Thursday, December 23, 2010
Book Selections of the Month: Hitchens, Ridley, Narnia, and More
Ten recent or recently-pondered texts have left me with England and/or industrial progress on the brain:
•Christopher Hitchens' highly entertaining memoir Hitch-22 contains, I think, numerous veiled hints that he is capable of deceiving himself and others -- "keeping two sets of books," as he says more than once, though I do not doubt any substantive details of the tome. Rather, it seems that he's long been suspicious of his own motivations.
He's moved sort-of rightward politically while clearly still loving his leftist past and most of his old allies (though he never thought highly of Bill Clinton in their Oxford days -- and he mentions that a note he jotted by the phone at someone's apartment in those days saying "RING IRA," meaning hippie-era Brown alum and Clinton ally Ira Magaziner, led to some questioning by police worried about possible Irish terrorism links). He may be hinting at an attraction to sadomasochism when he laments his early introduction via cruel British boys' schools to the strange connection between pain and pleasure (he's the man who correctly predicted that British conservative Paul Johnson would be found to be a sadomasochist, which I had taken to be disapproval, but he may still have been spotting one of his own -- and he admits at one point that O is one of his favorite fictional characters).
Atheism alone does not a leftist make, obviously, but Hitchens, despite his increasing acceptance on the right, does take the time to denounce religious social conservatives, especially hypocritical ones, as in my favorite footnote in the book: "[W]henever I hear some bigmouth in Washington or the Christian heartland banging on about the evils of sodomy or whatever, I mentally enter his name in my notebook and contentedly set my watch.

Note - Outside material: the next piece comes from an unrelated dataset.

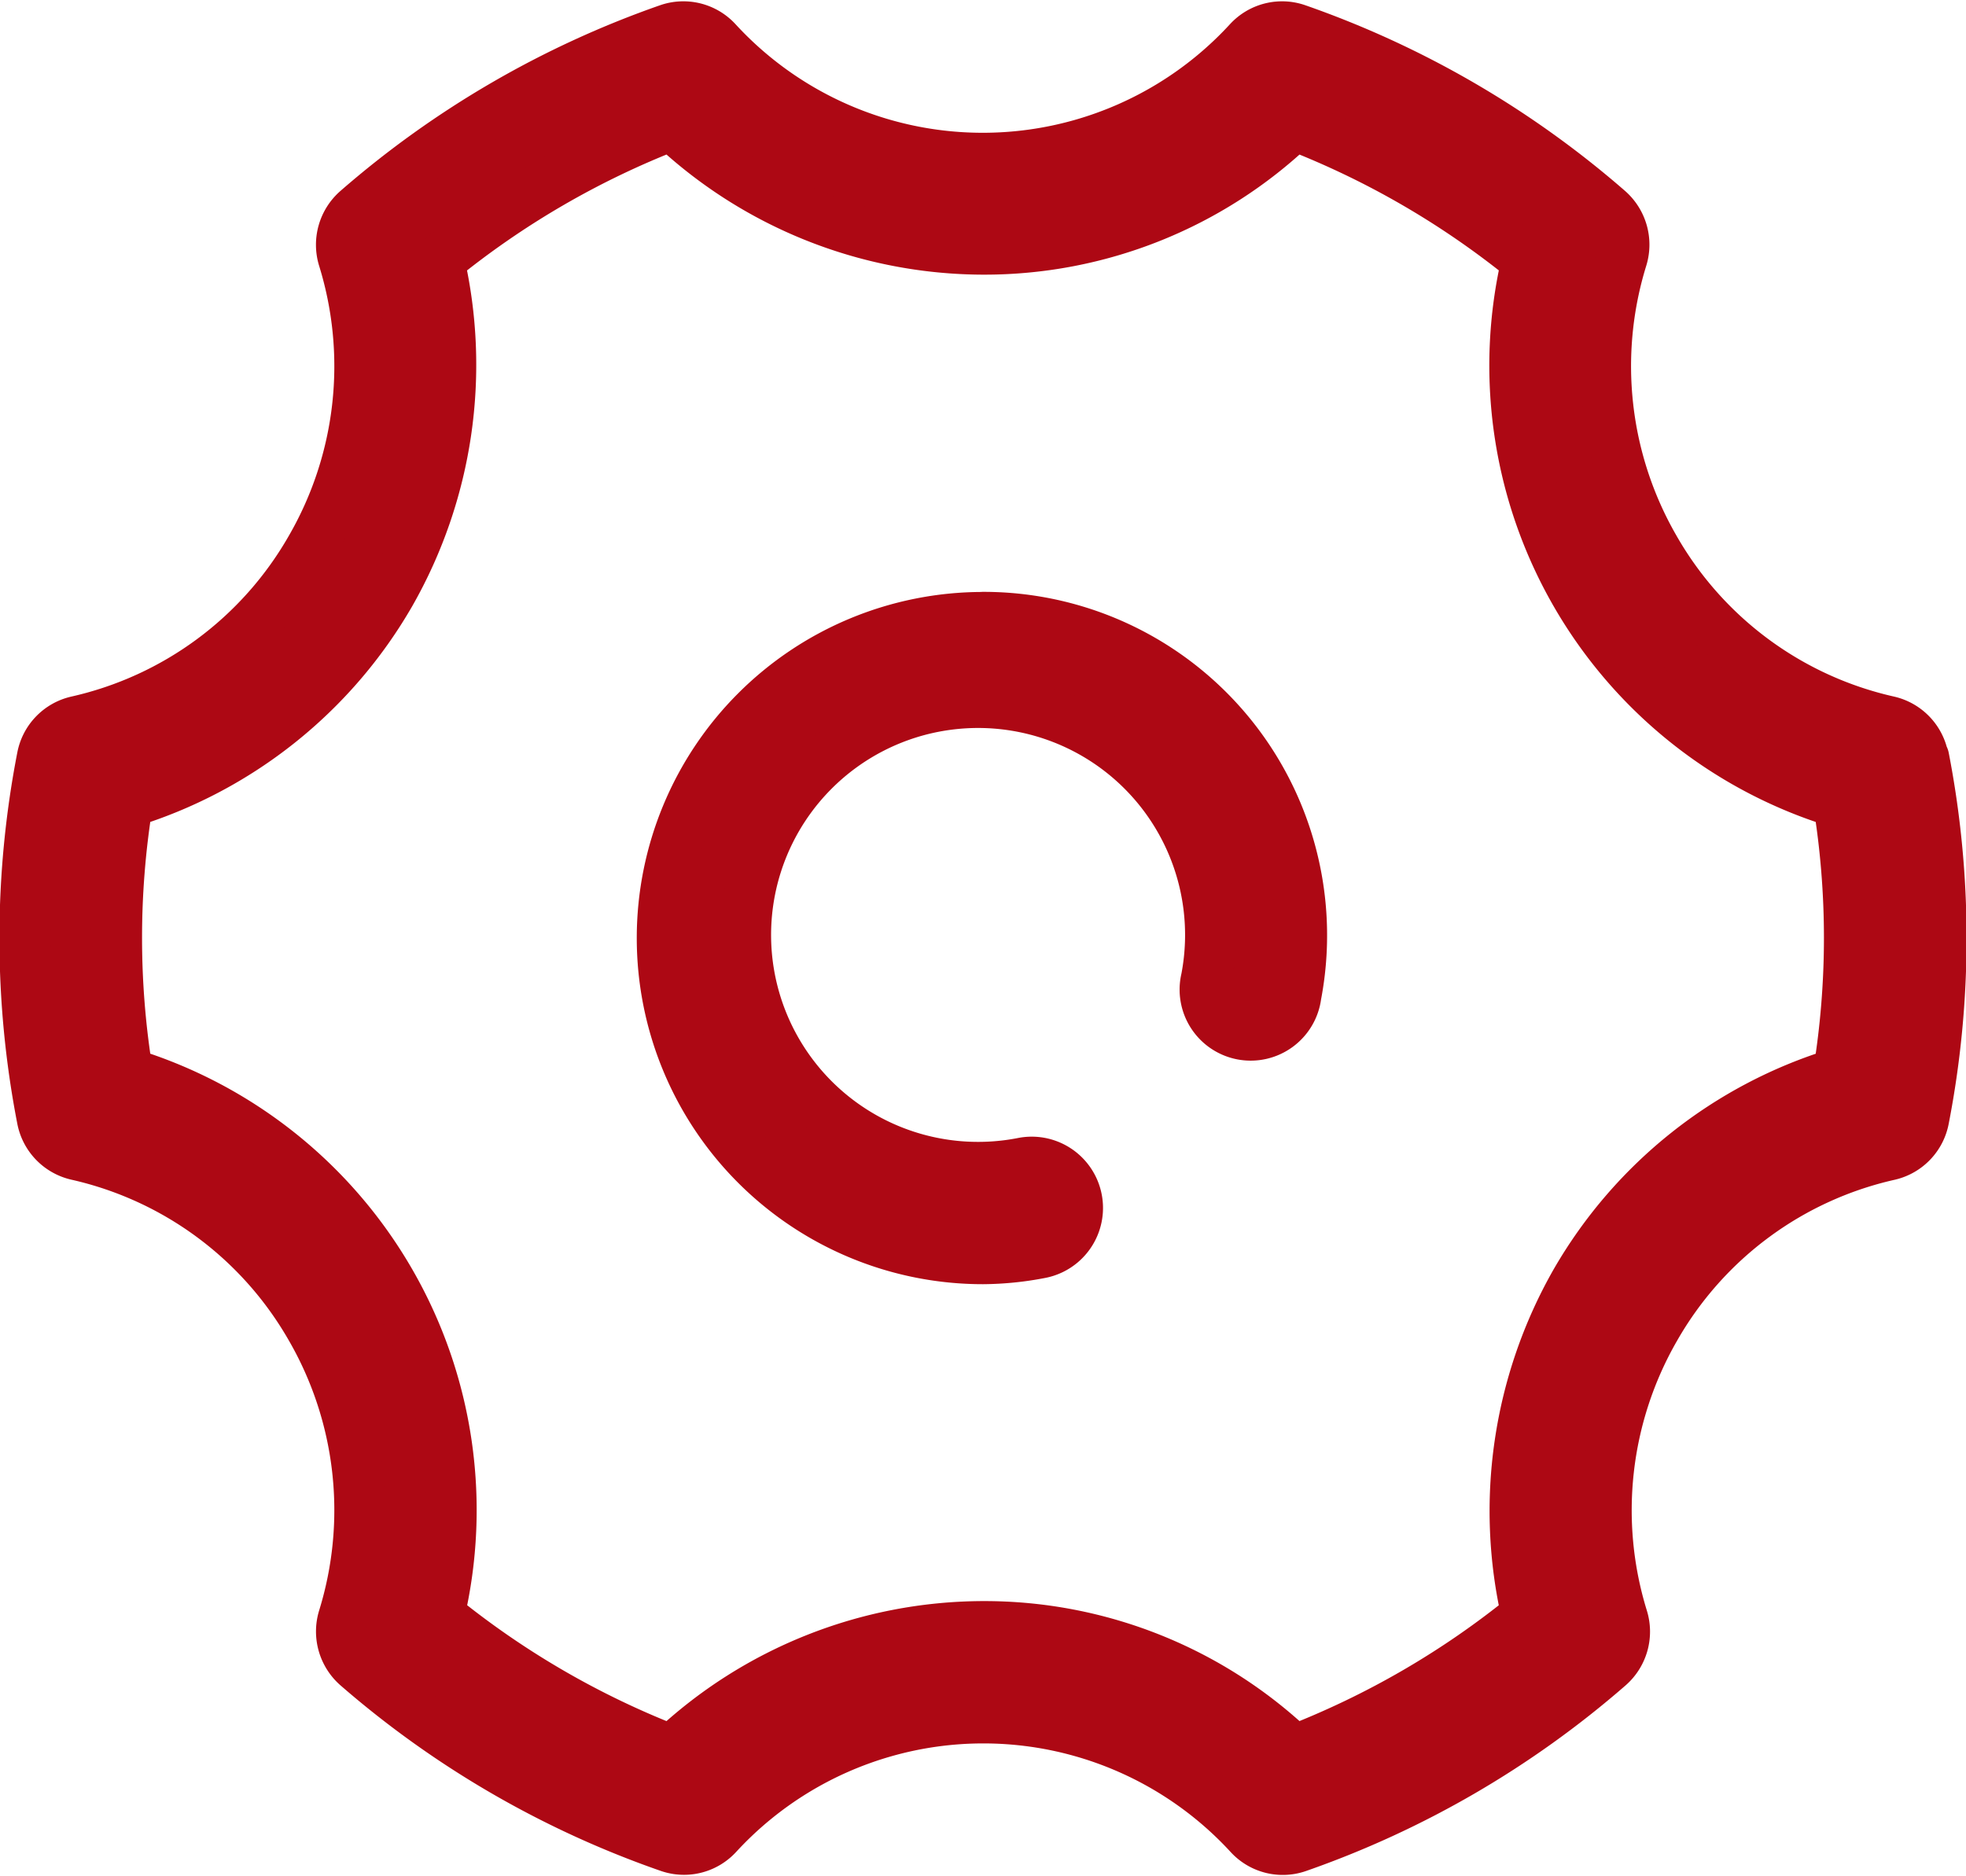 <svg xmlns="http://www.w3.org/2000/svg" width="19.309" height="18.428" viewBox="0 0 19.309 18.428">
  <path id="more" d="M182.383,170.423a3.15,3.15,0,0,0,0,6.3,3.046,3.046,0,0,0,.559-.056.45.45,0,0,0-.16-.886,2.283,2.283,0,1,1,1.795-1.807.448.448,0,1,0,.88.161,3.124,3.124,0,0,0-3.075-3.713Zm9.234,1.377a.449.449,0,0,0-.339-.355,3.541,3.541,0,0,1-2.3-1.7,3.582,3.582,0,0,1-.319-2.851.452.452,0,0,0-.135-.473,9.338,9.338,0,0,0-3.056-1.775.445.445,0,0,0-.474.118,3.547,3.547,0,0,1-5.226,0,.446.446,0,0,0-.475-.118,9.344,9.344,0,0,0-3.056,1.776.452.452,0,0,0-.135.473,3.58,3.58,0,0,1-.319,2.85,3.542,3.542,0,0,1-2.3,1.7.448.448,0,0,0-.339.355,9.308,9.308,0,0,0,0,3.547.449.449,0,0,0,.339.355,3.543,3.543,0,0,1,2.3,1.7,3.583,3.583,0,0,1,.319,2.851.453.453,0,0,0,.135.472A9.344,9.344,0,0,0,179.3,182.5a.452.452,0,0,0,.147.025.446.446,0,0,0,.327-.143,3.548,3.548,0,0,1,5.226,0,.445.445,0,0,0,.475.119,9.333,9.333,0,0,0,3.055-1.775.451.451,0,0,0,.135-.472,3.586,3.586,0,0,1,.319-2.851,3.541,3.541,0,0,1,2.3-1.7.448.448,0,0,0,.339-.355,9.305,9.305,0,0,0,0-3.547Zm-.832,3.1a4.488,4.488,0,0,0-2.581,2.053,4.544,4.544,0,0,0-.478,3.273,8.443,8.443,0,0,1-2.288,1.329,4.4,4.4,0,0,0-3.055-1.219,4.47,4.47,0,0,0-3.055,1.219,8.439,8.439,0,0,1-2.288-1.33,4.488,4.488,0,0,0-3.059-5.326,8.31,8.31,0,0,1,0-2.657,4.491,4.491,0,0,0,2.58-2.054,4.536,4.536,0,0,0,.478-3.272,8.432,8.432,0,0,1,2.289-1.33,4.468,4.468,0,0,0,3.055,1.22,4.4,4.4,0,0,0,3.055-1.22,8.425,8.425,0,0,1,2.289,1.33,4.487,4.487,0,0,0,3.059,5.326,8.324,8.324,0,0,1,0,2.657Z" transform="translate(-172.729 -164.358)" fill="#ad0814" stroke="#ad0814" stroke-linecap="round" stroke-linejoin="round" stroke-width="0.5"/>
</svg>

Sooner rather than later, he will be discovered down on his weary and well-worn old knees in some dreary motel or latrine, with an expired Visa card, having tried to pay well over the odds to be peed upon by some Apache transvestite."
He surprised me with his two-page defense against charges of alcoholism, a defense that frankly is not all that convincing and is built largely around his assurance that he can stick to a regimen (one mid-morning drink, wine with lunch, no drinks in the afternoon, at least a half bottle of wine with dinner, and then drinks in the evening if conversation warrants -- but he gets a lot of work done, he stresses). He also notes he is not fascinated by lesbianism or sports, but I think he's spent enough time in war zones to earn his traditional-male credentials anyway, even with his frequent references to slight bisexuality in youth.
Unless you oppose humor, politics, history, and well-turned phrases, you'll have to read this book and follow Hitchens through his disillusioning trip to Cuba as a young socialist, his father's sound effects-based comedy routines, his literal spanking by Margaret Thatcher, his visits to authoritarian hellholes blessed by communists and Catholics alike, his discovery that he's Jewish, and his growing love affair with the U.S., where he now lives (for some time to come, we hope).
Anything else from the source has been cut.